### TASK DESCRIPTION
Leave out the pictures and transcribe the rest of the records exactly.

### SUPPLIED MATERIAL
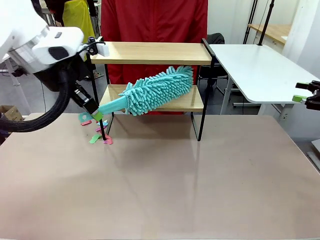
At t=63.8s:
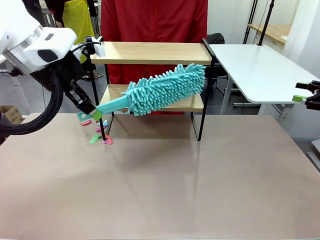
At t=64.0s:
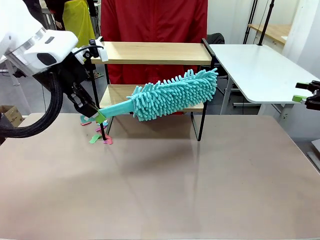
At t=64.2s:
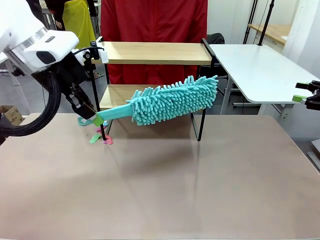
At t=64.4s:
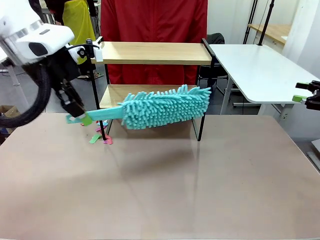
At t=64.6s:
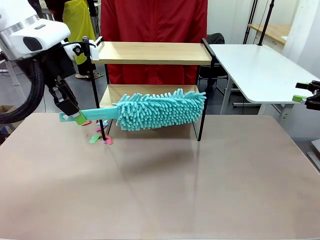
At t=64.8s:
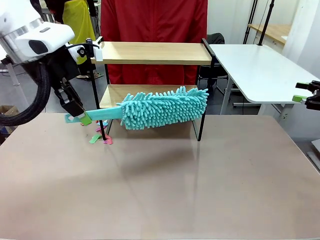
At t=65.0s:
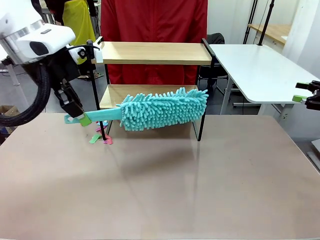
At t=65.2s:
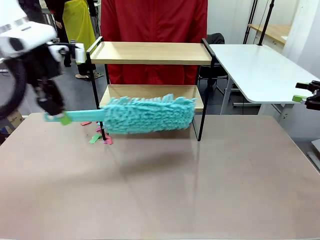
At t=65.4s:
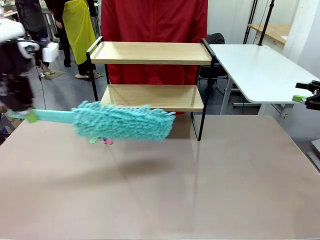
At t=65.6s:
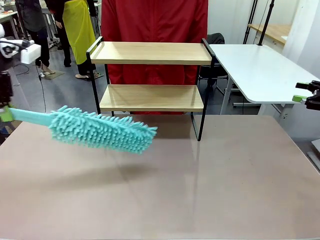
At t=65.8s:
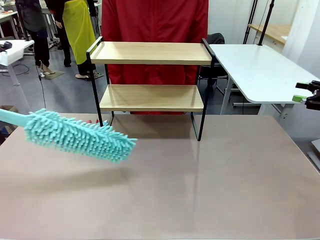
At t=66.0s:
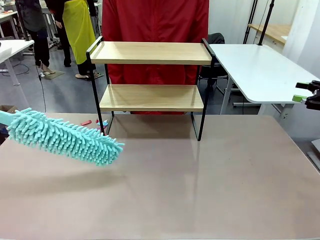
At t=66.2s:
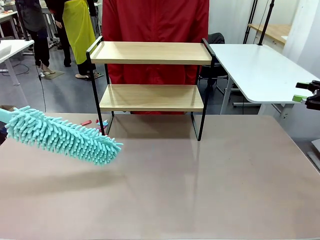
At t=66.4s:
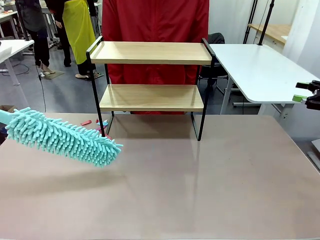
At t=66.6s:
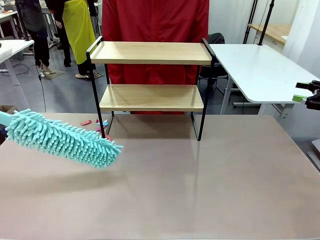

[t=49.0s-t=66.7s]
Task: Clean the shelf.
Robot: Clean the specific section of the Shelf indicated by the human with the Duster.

### ANSWER TO THE EXERCISE
At t=63.8s:
At t=64.0s:
At t=64.2s:
At t=64.4s:
At t=64.6s:
At t=64.8s:
At t=65.0s:
At t=65.2s:
At t=65.4s:
At t=65.6s:
At t=65.8s:
At t=66.0s:
At t=66.2s:
At t=66.4s:
At t=66.6s:

[t=49.0s-t=66.7s]
Task: Clean the shelf.
Robot: Clean the specific section of the Shelf indicated by the human with the Duster.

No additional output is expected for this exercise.